There is no one single definition for “One Health” used by everyone worldwide. In general, the term refers to taking a multisectoral, multi-disciplinary approach and ensuring communication, collaboration, and coordination among all relevant ministries, agencies, stakeholders, sectors, and disciplines, for optimal action.
The IHR Monitoring and Evaluation Framework provides an overview of approaches to review implementation of country core public health capacities under the IHR (2005). The Framework ensures the mutual accountability of States Parties and the Secretariat for global public health security through transparent reporting and dialogue.
Under the International Health Regulations(IHR) 2005 all States Parties are required to have or develop and maintain minimum core public health capacities to implement the IHR (2005), and report the status of implementation annually, as stipulated in Article 54 of the Regulations.

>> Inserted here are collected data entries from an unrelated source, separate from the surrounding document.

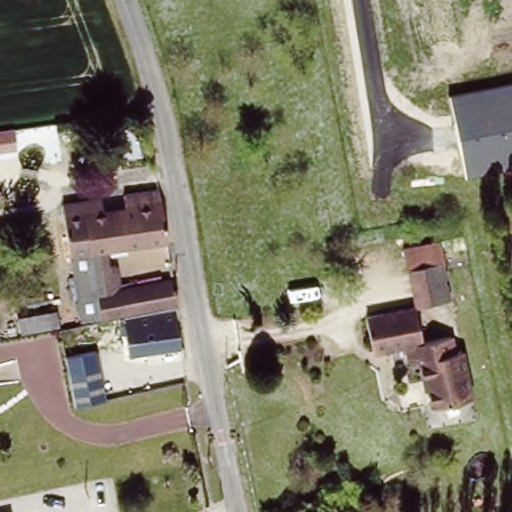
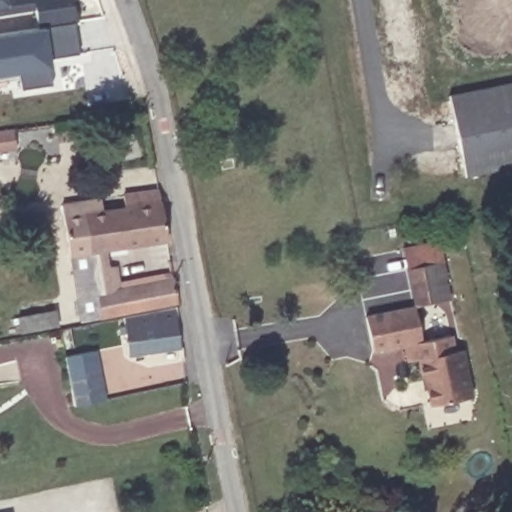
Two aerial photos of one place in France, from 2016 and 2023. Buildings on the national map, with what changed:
new [(38,27),(35,9),(0,15),(0,0),(72,0),(79,20),(77,20),(38,27)]
new [(83,54),(50,59),(54,86),(0,94),(0,33),(38,27),(77,20),(83,54)]
unchanged [(451,95),(512,83),(512,166),(468,175),(451,95)]
unchanged [(102,194),(105,208),(125,204),(123,191),(158,185),(165,237),(97,247),(98,264),(113,263),(117,286),(172,274),(177,297),(86,316),(82,317),(62,200),(68,200),(102,194)]
unchanged [(405,245),(440,239),(450,299),(416,305),(405,245)]
unchanged [(423,338),(457,330),(468,394),(425,404),(412,343),(372,349),(364,308),(414,301),(423,338)]
unchanged [(58,325),(22,332),(18,318),(55,312),(58,325)]
unchanged [(155,352),(153,339),(127,342),(127,334),(121,334),(120,327),(177,319),(181,348),(155,352)]
unchanged [(105,391),(81,396),(77,379),(102,374),(105,391)]

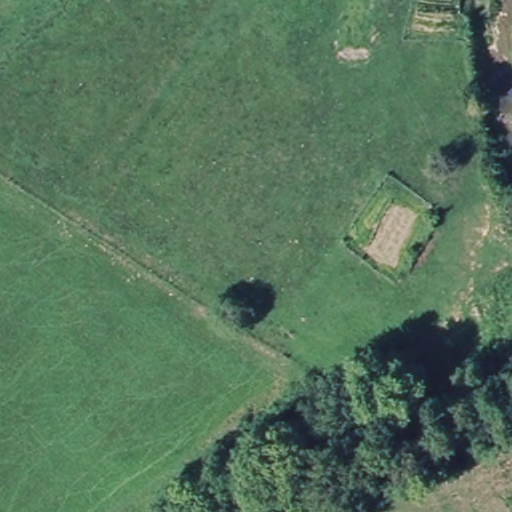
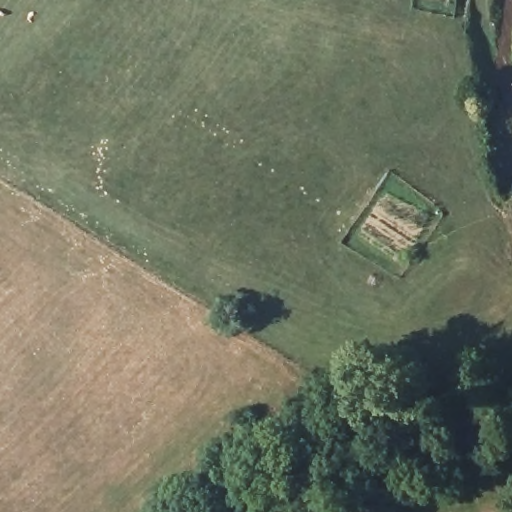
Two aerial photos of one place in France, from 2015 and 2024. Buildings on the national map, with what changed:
unchanged [(512,93),(511,92),(512,90),(512,93)]

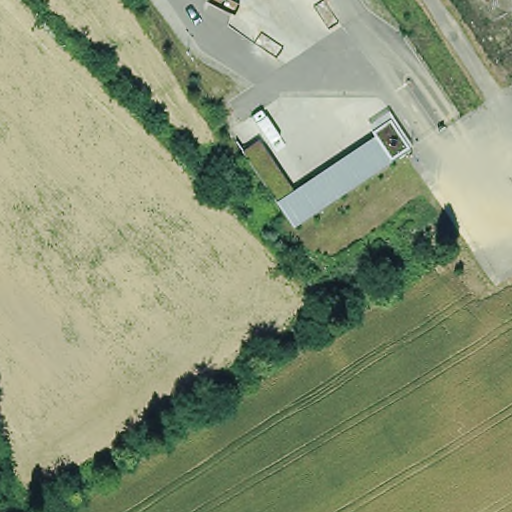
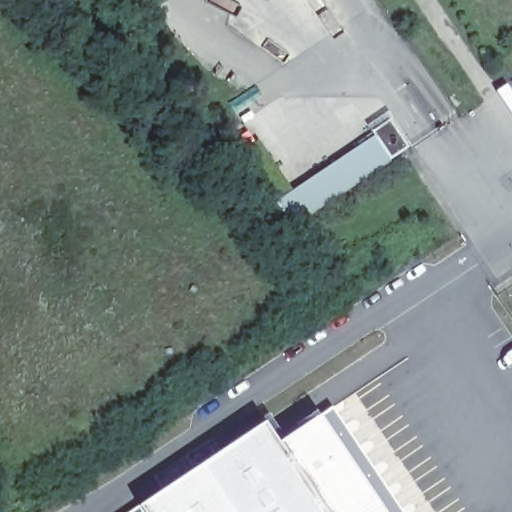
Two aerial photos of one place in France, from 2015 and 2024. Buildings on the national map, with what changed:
unchanged [(277,202),(243,151),(261,141),(294,191),(375,137),(373,132),(369,126),(391,112),(413,146),(410,147),(391,160),(392,162),(294,227),(277,202)]
new [(366,477),(387,512),(325,512),(278,441),(322,412),(366,477)]
new [(278,441),(325,512),(142,512),(138,505),(264,421),(278,441)]
new [(401,512),(387,512),(366,477),(374,472),(401,512)]
new [(142,512),(127,512),(138,505),(142,512)]

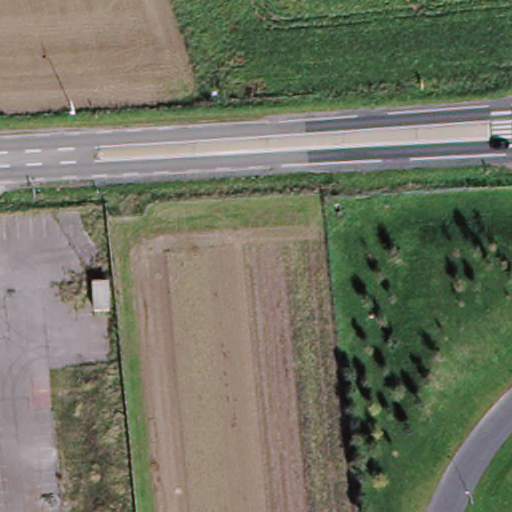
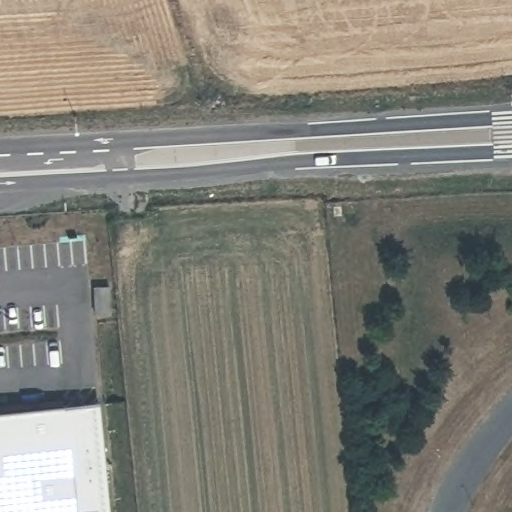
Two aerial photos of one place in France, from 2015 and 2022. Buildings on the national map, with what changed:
demolished [(80,311),(77,283),(94,282),(96,310),(80,311)]
new [(102,403),(112,512),(0,512),(0,412),(102,403)]

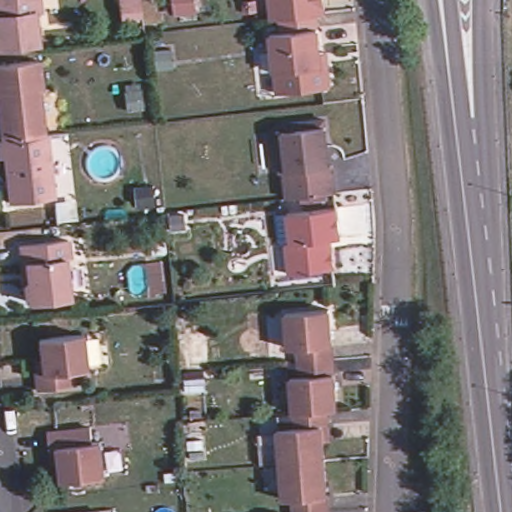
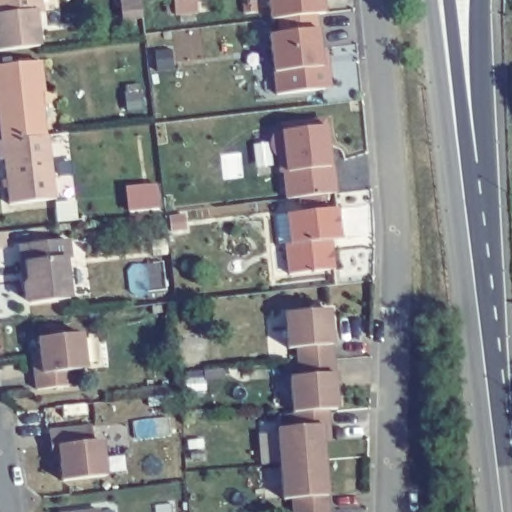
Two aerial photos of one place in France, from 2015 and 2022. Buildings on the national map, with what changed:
unchanged [(36,17),(40,51),(0,55),(0,0),(41,0),(43,16),(36,17)]
unchanged [(191,12),(171,14),(170,0),(189,0),(191,12)]
unchanged [(325,72),(326,87),(321,95),(275,100),(269,40),(279,39),(277,24),(270,25),(267,0),(320,0),(321,19),(314,20),(315,35),(318,61),(324,60),(325,72)]
unchanged [(0,109),(0,70),(41,65),(44,96),(41,96),(45,140),(4,145),(0,109)]
unchanged [(329,151),(326,159),(326,172),(335,172),(338,199),(291,204),(288,177),(284,178),(283,163),(277,155),(276,146),(279,138),(286,137),(286,131),(327,126),(329,151)]
unchanged [(49,140),(56,204),(11,209),(6,164),(3,164),(0,145),(4,145),(45,140),(49,140)]
unchanged [(338,243),(326,245),(326,252),(329,252),(329,254),(331,274),(287,279),(284,250),(289,249),(286,219),(334,213),(338,243)]
unchanged [(67,262),(63,263),(67,303),(28,307),(22,302),(21,288),(25,287),(23,267),(18,267),(17,249),(66,244),(67,262)]
unchanged [(299,351),(292,351),(289,315),(333,313),(336,364),(301,365),(299,351)]
unchanged [(39,366),(36,345),(80,341),(84,376),(67,377),(68,393),(35,397),(33,380),(31,367),(39,366)]
unchanged [(339,415),(330,415),(294,416),(293,380),(301,380),(301,365),(336,364),(339,415)]
unchanged [(281,432),(296,430),(294,416),(330,415),(331,430),(324,431),(326,464),(283,467),(281,432)]
unchanged [(103,444),(108,480),(65,485),(62,463),(54,464),(50,435),(58,434),(93,430),(95,444),(103,444)]
unchanged [(295,512),(294,502),(286,502),(283,467),(326,464),(329,512),(295,512)]

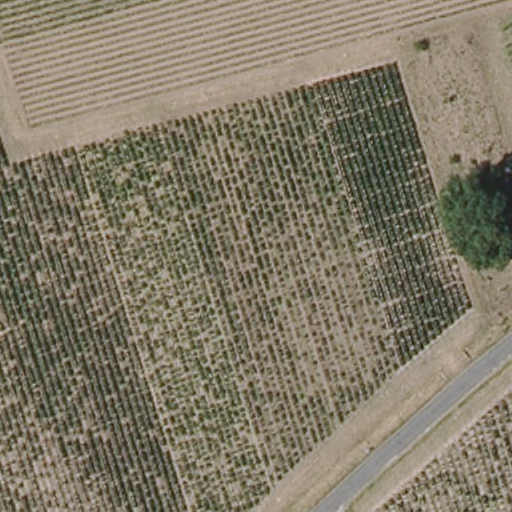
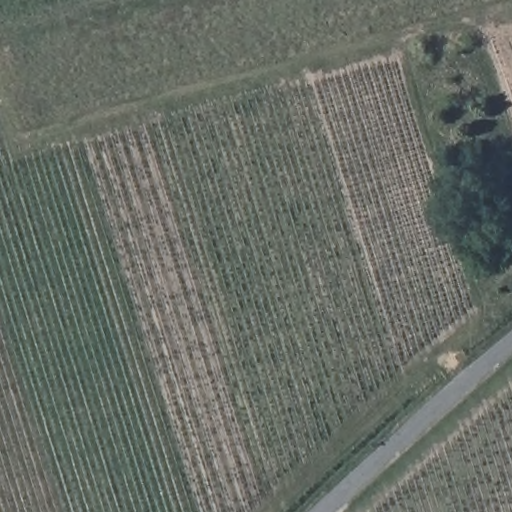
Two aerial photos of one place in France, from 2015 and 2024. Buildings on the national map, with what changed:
[]

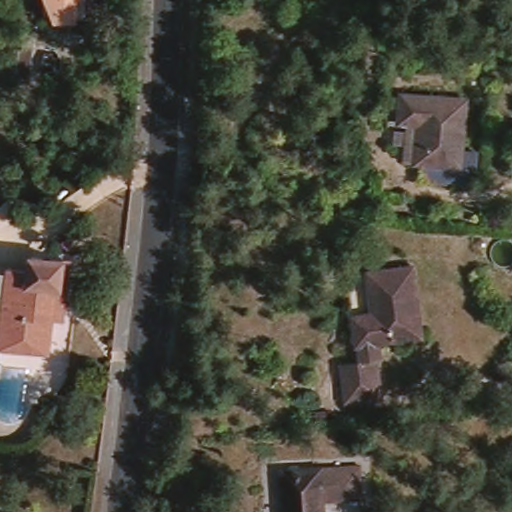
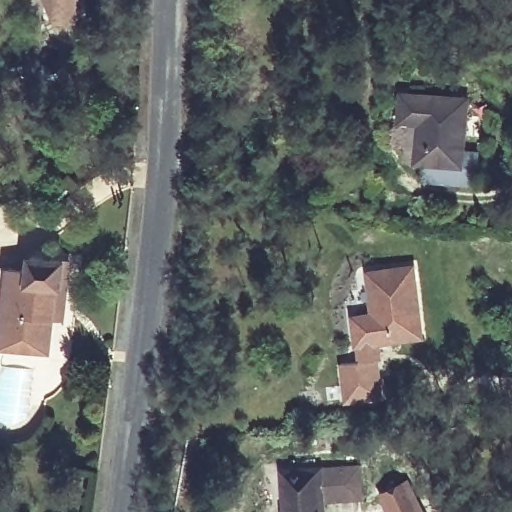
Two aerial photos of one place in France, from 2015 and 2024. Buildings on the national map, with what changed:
unchanged [(55,30),(55,0),(76,0),(75,30),(55,30)]
unchanged [(462,151),(473,152),(470,189),(402,183),(407,126),(395,124),(398,94),(465,100),(462,151)]
unchanged [(0,344),(10,265),(29,268),(32,255),(66,259),(73,260),(65,317),(55,316),(49,351),(0,344)]
unchanged [(10,265),(0,344),(0,265),(10,265)]
unchanged [(421,342),(380,346),(382,367),(377,368),(380,402),(346,404),(343,369),(358,367),(354,319),(370,316),(367,274),(412,269),(421,342)]
unchanged [(324,512),(285,512),(282,474),(340,470),(358,469),(361,504),(341,505),(323,506),(324,512)]
new [(408,485),(421,512),(388,512),(382,497),(408,485)]

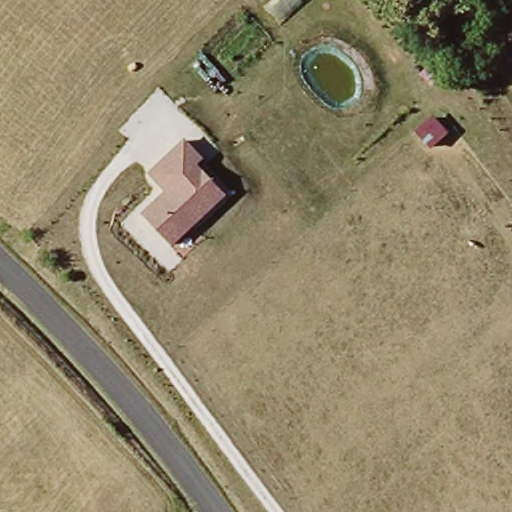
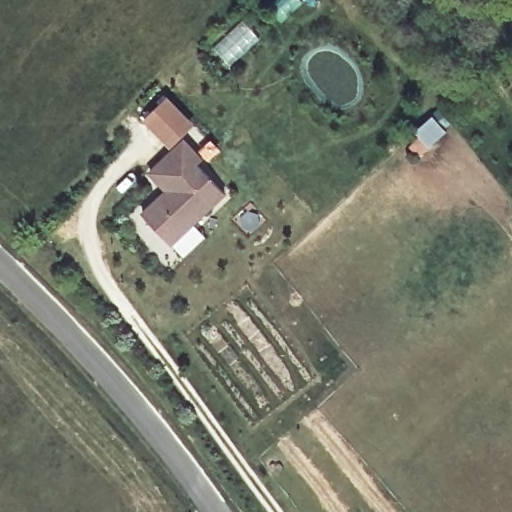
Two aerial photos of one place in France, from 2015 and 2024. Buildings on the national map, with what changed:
new [(195,124),(171,147),(143,120),(167,96),(195,124)]
unchanged [(143,215),(165,193),(147,175),(185,140),(203,159),(198,165),(226,196),(173,246),(143,215)]

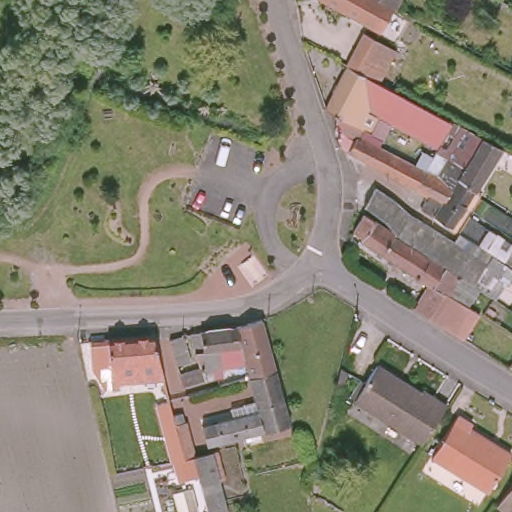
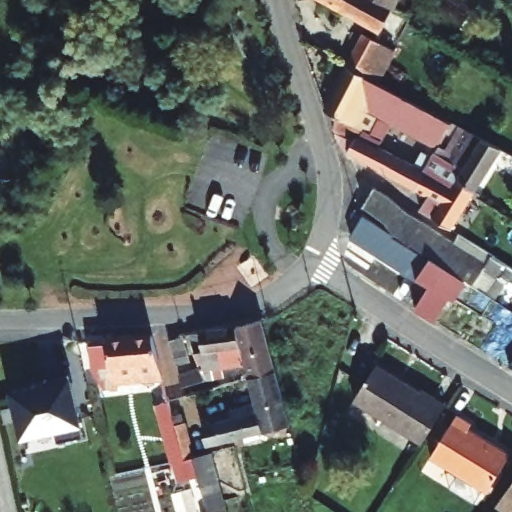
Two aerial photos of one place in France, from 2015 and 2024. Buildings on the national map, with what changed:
unchanged [(400,7),(388,30),(335,0),(388,0),(400,7)]
unchanged [(402,7),(400,7),(388,0),(405,0),(402,7)]
unchanged [(427,169),(440,147),(365,103),(355,122),(331,109),(364,32),(387,45),(370,75),(505,149),(462,219),(349,155),(362,135),(427,169)]
unchanged [(472,251),(442,296),(353,236),(375,189),(472,251)]
unchanged [(477,252),(490,230),(499,235),(512,243),(512,250),(512,286),(502,281),(494,291),(482,281),(470,306),(479,312),(464,338),(414,308),(425,284),(442,296),(472,251),(477,252)]
unchanged [(185,383),(182,371),(204,365),(199,347),(208,345),(204,329),(240,322),(244,322),(265,317),(279,365),(252,372),(248,356),(230,361),(219,364),(221,372),(210,377),(185,383)]
unchanged [(158,334),(168,372),(144,374),(143,377),(124,378),(125,383),(114,383),(112,361),(97,362),(95,337),(151,334),(158,334)]
unchanged [(425,442),(357,397),(379,362),(447,407),(425,442)]
unchanged [(512,363),(512,366),(510,365),(512,363)]
unchanged [(267,422),(268,427),(212,441),(207,421),(249,411),(247,402),(259,398),(252,372),(279,365),(282,376),(292,416),(267,422)]
new [(44,383),(42,380),(67,374),(81,435),(56,441),(53,427),(22,435),(11,391),(44,383)]
unchanged [(159,383),(170,380),(180,416),(167,418),(159,383)]
unchanged [(190,456),(180,416),(187,413),(197,454),(190,456)]
unchanged [(459,415),(472,423),(468,428),(510,457),(485,493),(430,454),(459,415)]
unchanged [(216,448),(218,457),(224,477),(205,483),(197,454),(216,448)]
unchanged [(512,487),(512,489),(511,488),(512,487)]

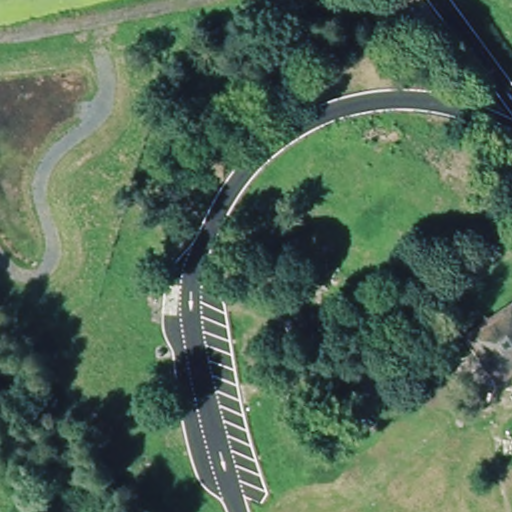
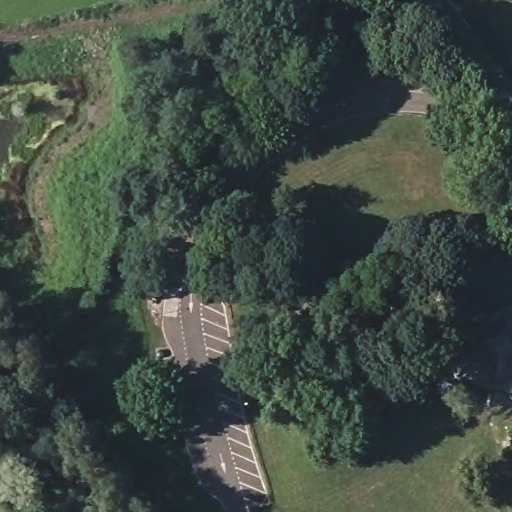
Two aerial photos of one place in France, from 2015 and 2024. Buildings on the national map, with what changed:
unchanged [(512,307),(512,375),(501,383),(468,335),(512,307)]

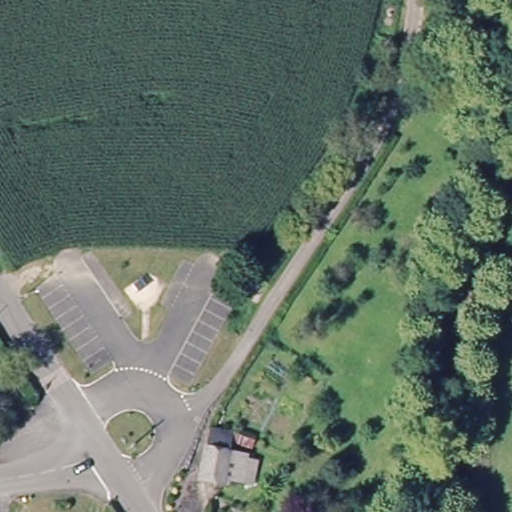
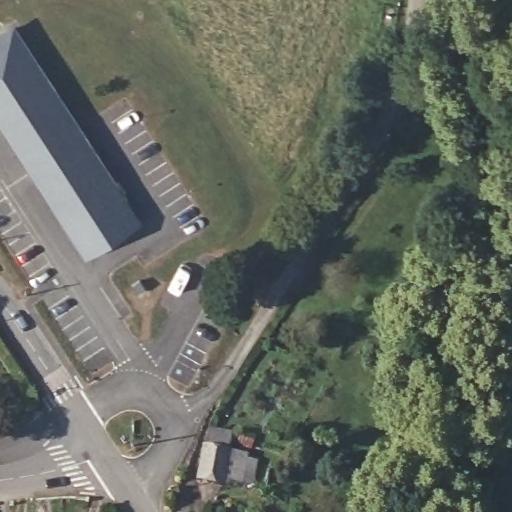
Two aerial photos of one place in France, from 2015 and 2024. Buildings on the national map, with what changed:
new [(0,125),(0,33),(16,23),(141,220),(85,258),(0,125)]
unchanged [(253,282),(244,297),(226,288),(236,273),(253,282)]
unchanged [(233,434),(230,452),(247,455),(241,483),(226,486),(201,480),(211,428),(233,434)]

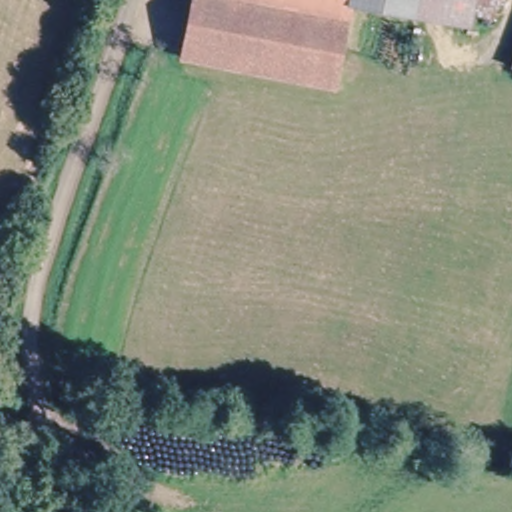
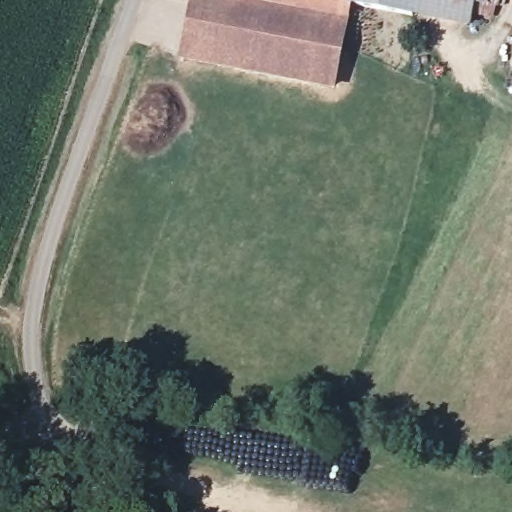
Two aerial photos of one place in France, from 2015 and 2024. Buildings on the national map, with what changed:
unchanged [(187,0),(414,0),(412,15),(343,1),(327,89),(175,60),(187,0)]
unchanged [(414,0),(469,0),(464,26),(412,15),(414,0)]

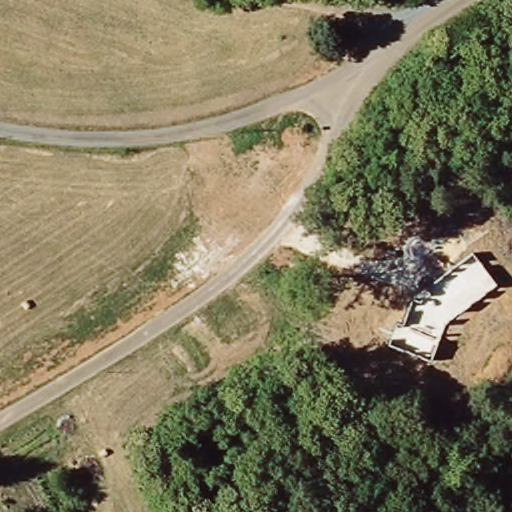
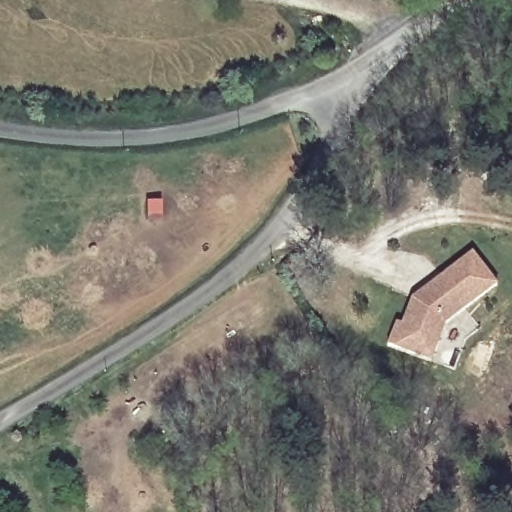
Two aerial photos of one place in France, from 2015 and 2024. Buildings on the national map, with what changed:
new [(388,346),(395,322),(402,324),(411,299),(473,250),(500,284),(447,325),(432,362),(388,346)]

The formal submission of data from State Parties to the WHO via the IHR annual reports is very important and will be used as the basis for:
reporting to the World Health Assembly, on the status of implementation of these Regulations;
informing the GPW 13 indicator on emergency preparedness; and
informing UN SDG Goal 3 for indicator 3.d.1 – International Health Regulations (IHR) capacity and health emergency preparedness.
Detailed information on 2019 and previous years up to 2010 of the IHR annual reporting by State Parties are primarily published and available on e-SPAR platform and also at the WHO Global Health Observatory website
The Joint External Evaluation (JEE) is part of the IHR Monitoring and Evaluation Framework and is a voluntary, multi-sectoral process to assess country capacity to prevent, detect, and rapidly respond to public health risks. The JEE allows countries to identify the most urgent needs within their health security system; to prioritize opportunities for enhanced preparedness, detection and response capacity, including setting national priorities; and to allocate resources based on the findings.
An After Action Review (AAR) is a qualitative review of actions taken to respond to an event as a means of identifying best practices, lessons and gaps in a country’s public health emergency preparedness and response capacity as part of a process of continual improvement and collective learning. Key stakeholders such as responders and decision-makers have the opportunity to reflect on what happened during the response, and share experiences to critically and systematically review what was in place before the response, what happened during the response, what went well and less well, why events occurred as they did, and how to institutionalize best practices and improve on gaps observed. Ultimately, the goal of the AAR is for individual and collective learning to be better prepared for the next public health event or emergency. AARs are conducted through the different formats of the AAR: Debrief AAR; Working group AAR; Key informant interview AAR; and Mixed-method AAR. For more information, please go to the official AAR WHO webpage.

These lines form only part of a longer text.